-------- WORKING DATA --------
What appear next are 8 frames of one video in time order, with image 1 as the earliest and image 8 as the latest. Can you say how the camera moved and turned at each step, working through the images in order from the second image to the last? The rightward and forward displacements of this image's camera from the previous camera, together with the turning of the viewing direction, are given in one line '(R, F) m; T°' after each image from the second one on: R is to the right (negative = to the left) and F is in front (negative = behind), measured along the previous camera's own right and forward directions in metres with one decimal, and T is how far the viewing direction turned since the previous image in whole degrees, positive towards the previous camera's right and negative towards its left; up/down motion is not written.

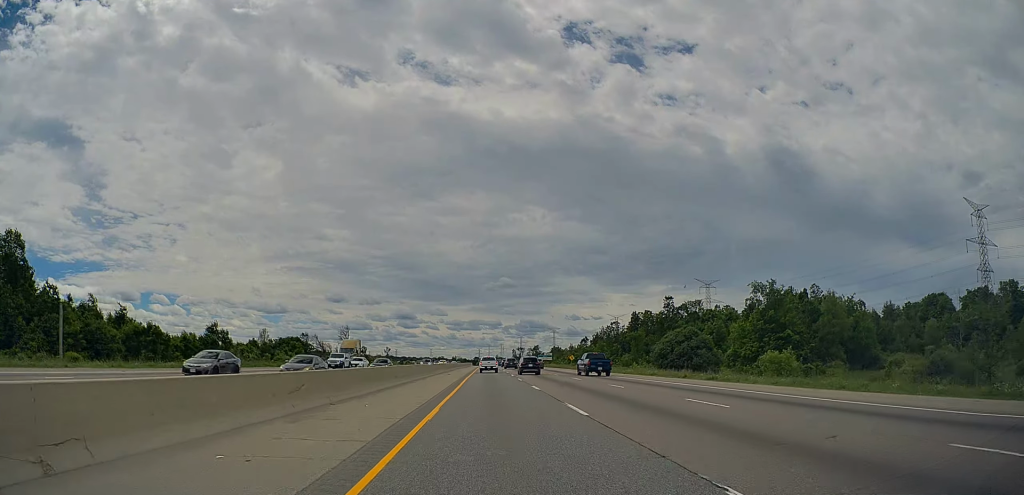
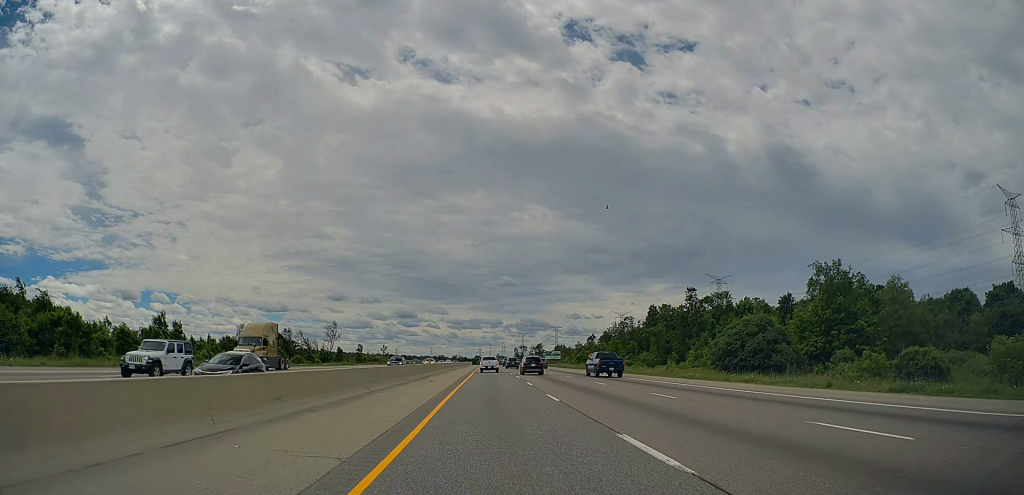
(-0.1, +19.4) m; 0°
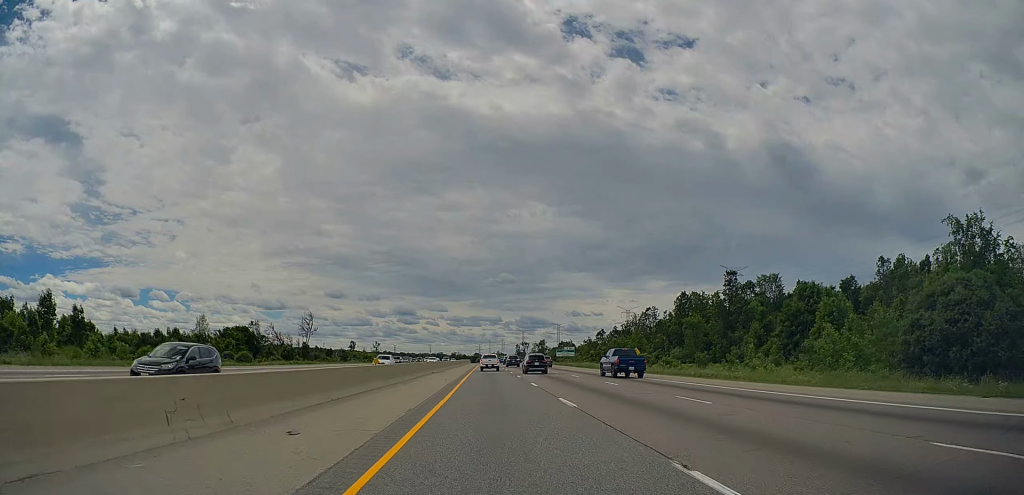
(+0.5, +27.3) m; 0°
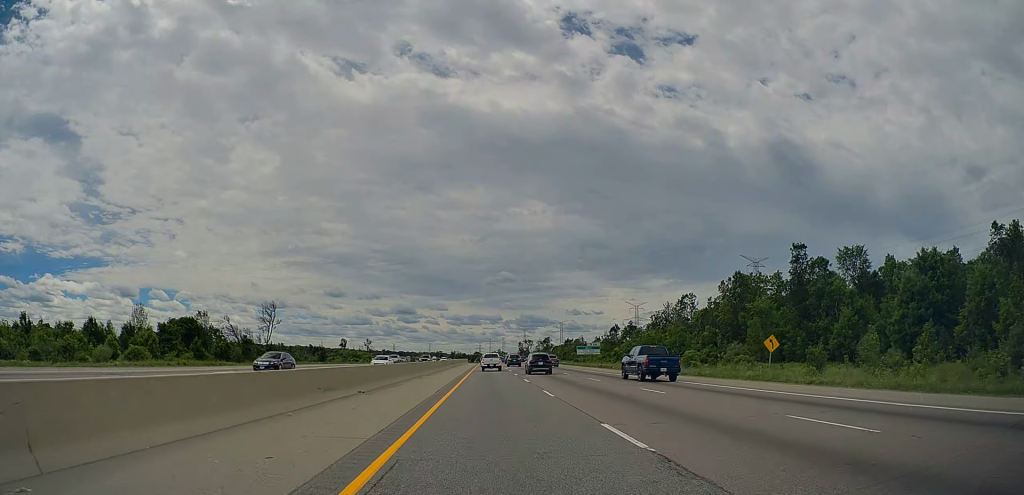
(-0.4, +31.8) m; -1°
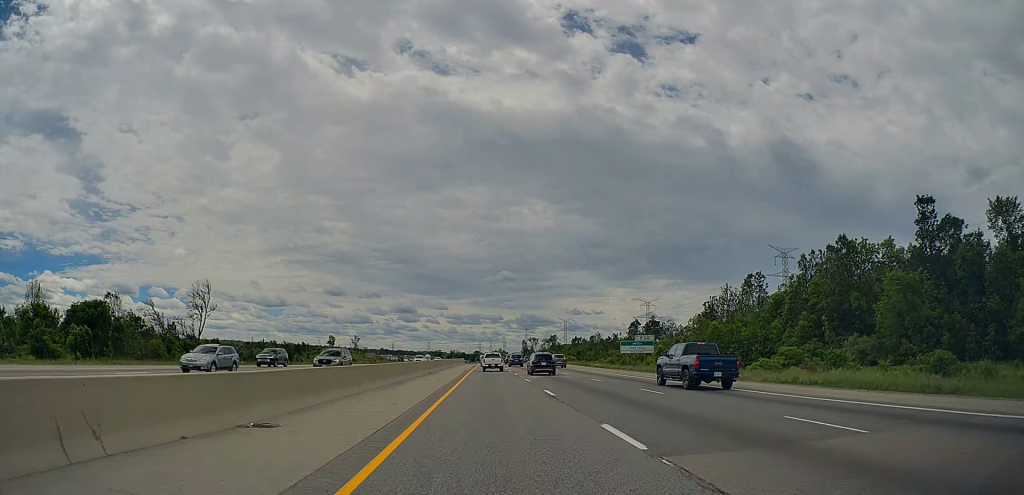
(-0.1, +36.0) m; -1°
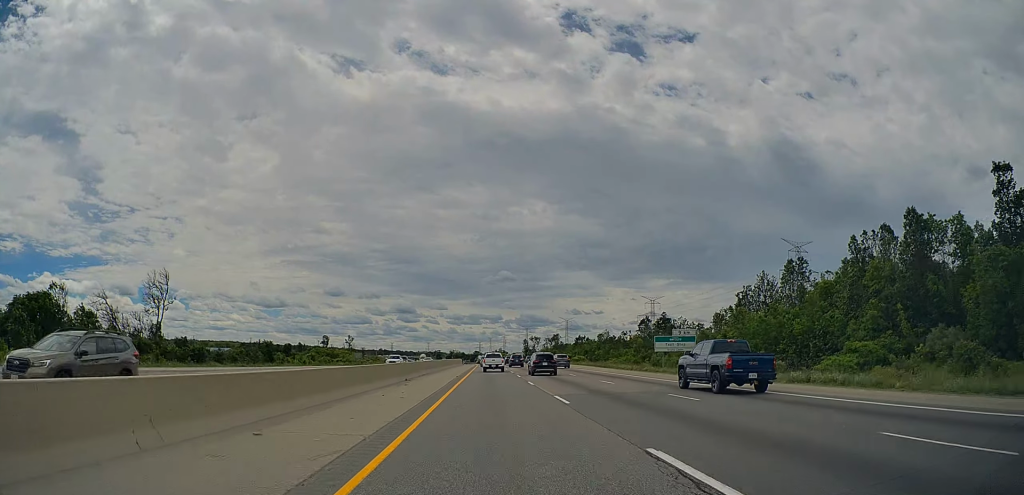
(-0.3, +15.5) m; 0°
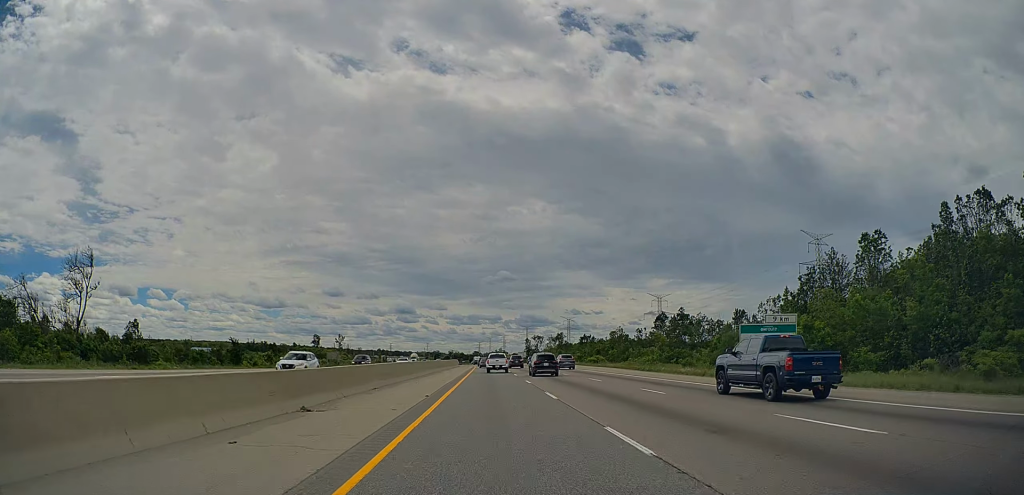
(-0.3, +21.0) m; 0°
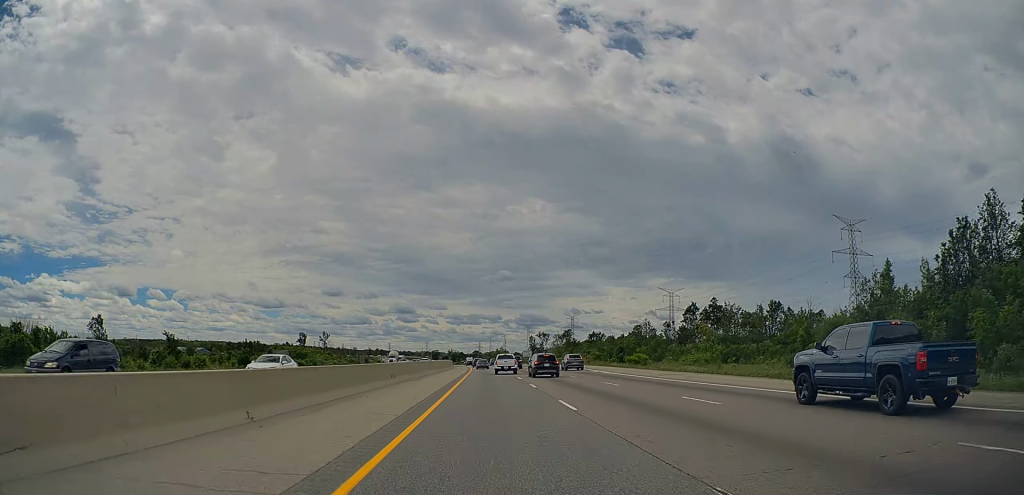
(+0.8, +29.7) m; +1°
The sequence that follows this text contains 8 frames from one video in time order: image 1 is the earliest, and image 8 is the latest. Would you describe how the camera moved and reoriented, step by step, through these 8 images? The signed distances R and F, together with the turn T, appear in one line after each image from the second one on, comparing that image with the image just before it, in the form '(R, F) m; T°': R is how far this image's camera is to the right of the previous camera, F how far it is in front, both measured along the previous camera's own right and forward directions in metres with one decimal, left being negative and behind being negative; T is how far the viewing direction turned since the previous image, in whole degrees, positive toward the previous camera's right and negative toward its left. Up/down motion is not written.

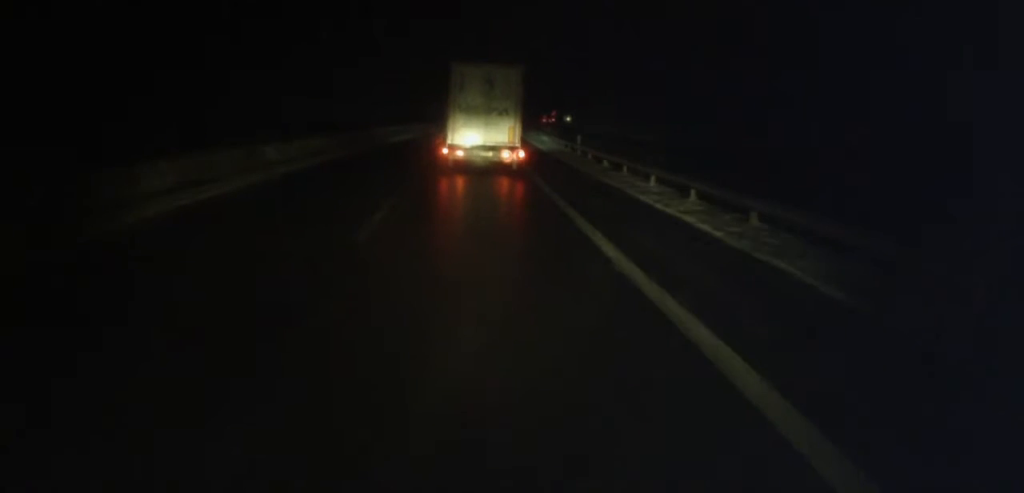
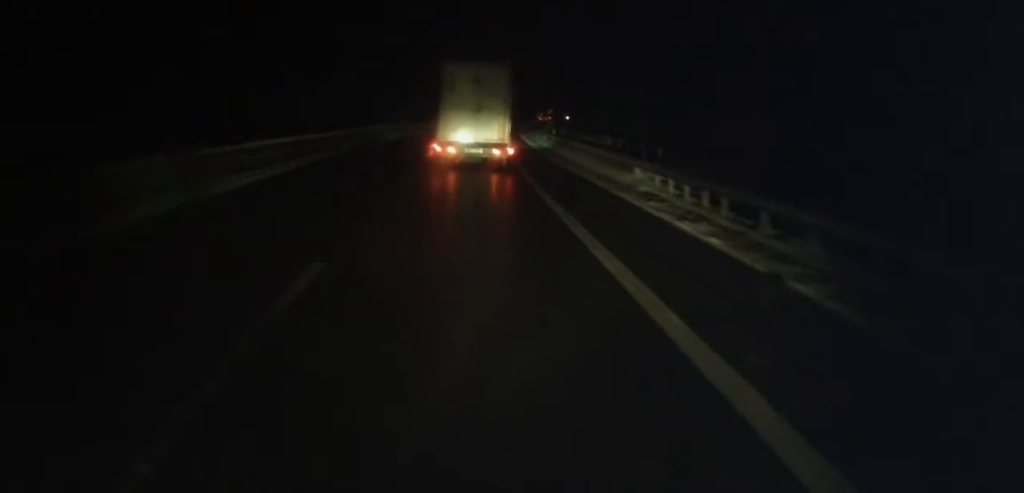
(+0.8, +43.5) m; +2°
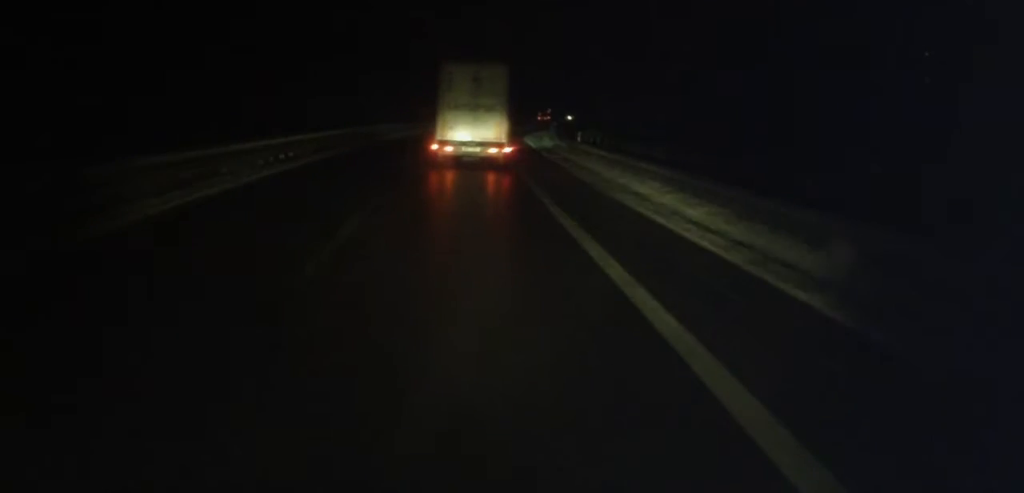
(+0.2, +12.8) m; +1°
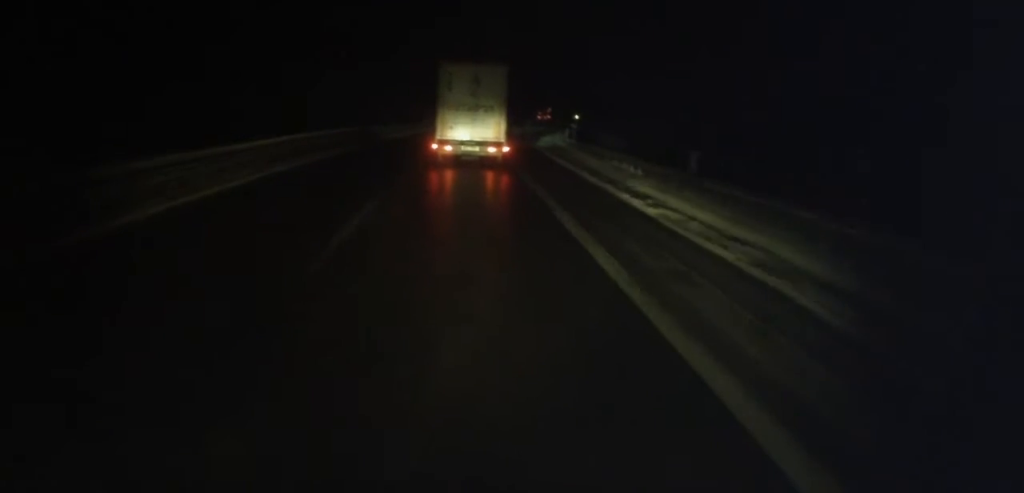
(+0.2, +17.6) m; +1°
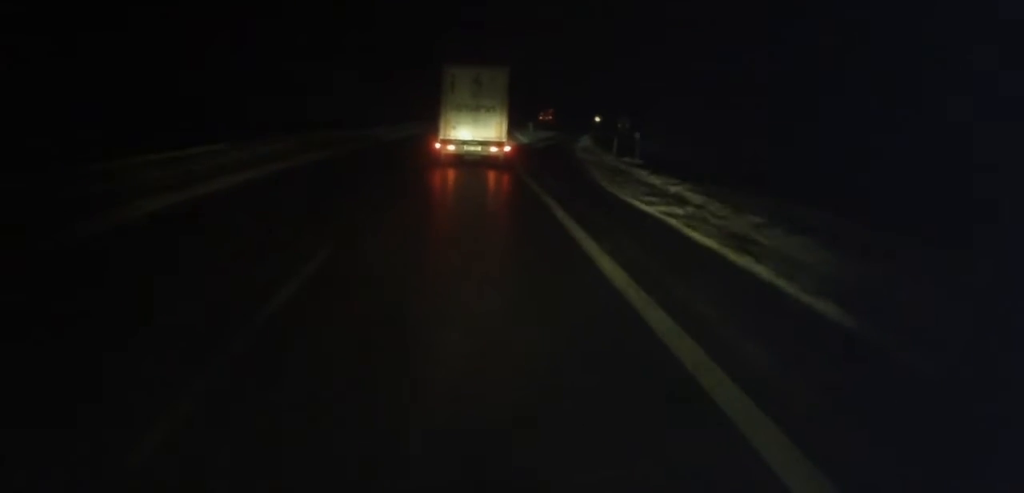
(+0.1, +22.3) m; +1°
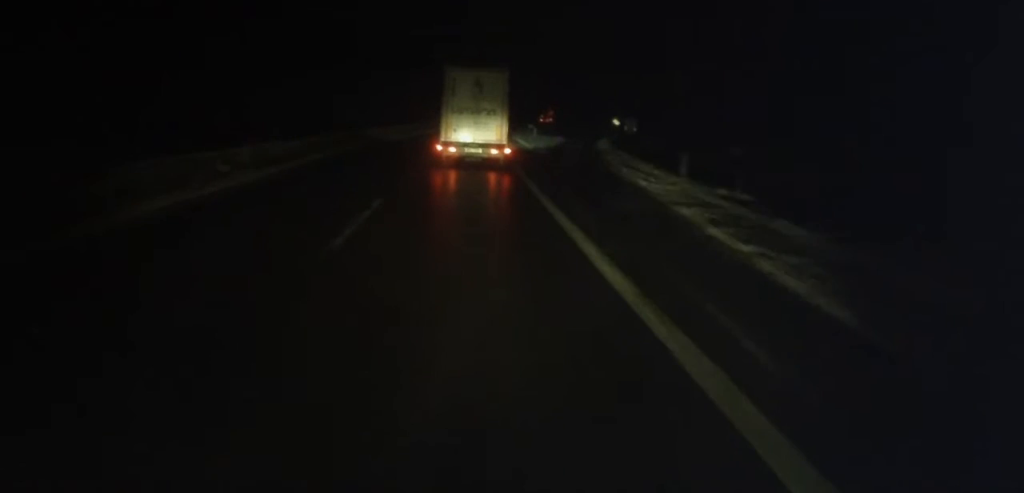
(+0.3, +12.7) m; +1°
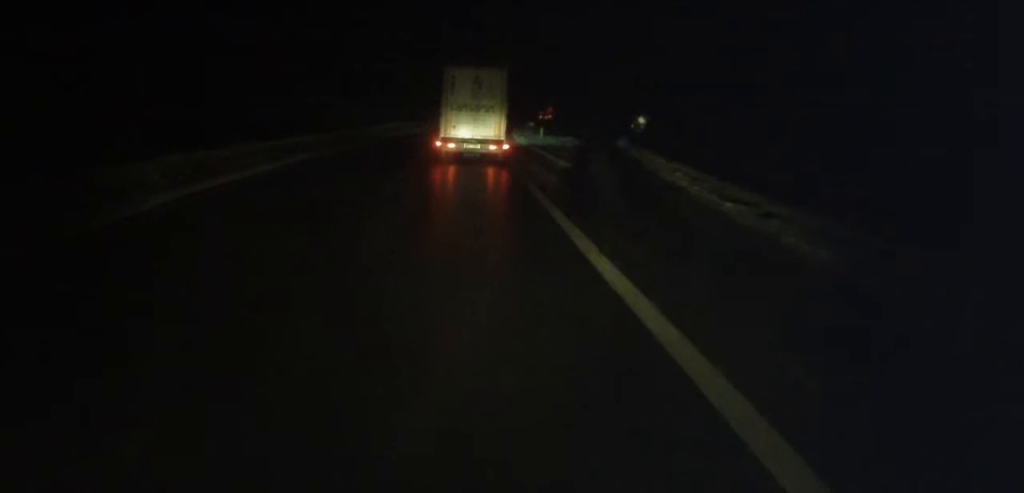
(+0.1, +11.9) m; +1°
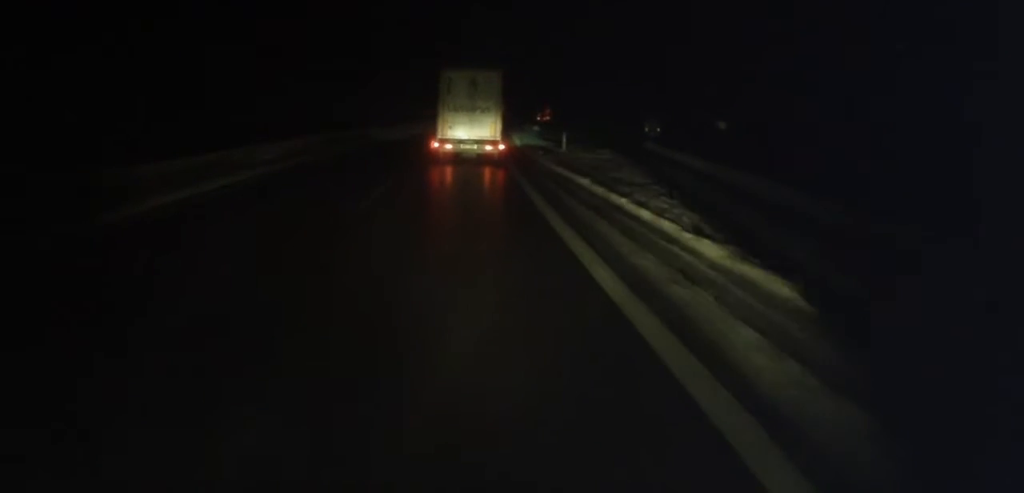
--------
• PROBLEM TO SOLVE: What is needed is a verbatim copy of the lines from the line with "The sequence that" through the last line of the listing, pictures excluded.

• SOLUTION TO THE PROBLEM:
The sequence that follows this text contains 8 frames from one video in time order: image 1 is the earliest, and image 8 is the latest. Would you describe how the camera moved and reoriented, step by step, through these 8 images? The signed distances R and F, together with the turn T, appear in one line after each image from the second one on, comparing that image with the image just before it, in the form '(R, F) m; T°': R is how far this image's camera is to the right of the previous camera, F how far it is in front, both measured along the previous camera's own right and forward directions in metres with one decimal, left being negative and behind being negative; T is how far the viewing direction turned since the previous image, in whole degrees, positive toward the previous camera's right and negative toward its left. Up/down motion is not written.

(+0.8, +43.5) m; +2°
(+0.2, +12.8) m; +1°
(+0.2, +17.6) m; +1°
(+0.1, +22.3) m; +1°
(+0.3, +12.7) m; +1°
(+0.1, +11.9) m; +1°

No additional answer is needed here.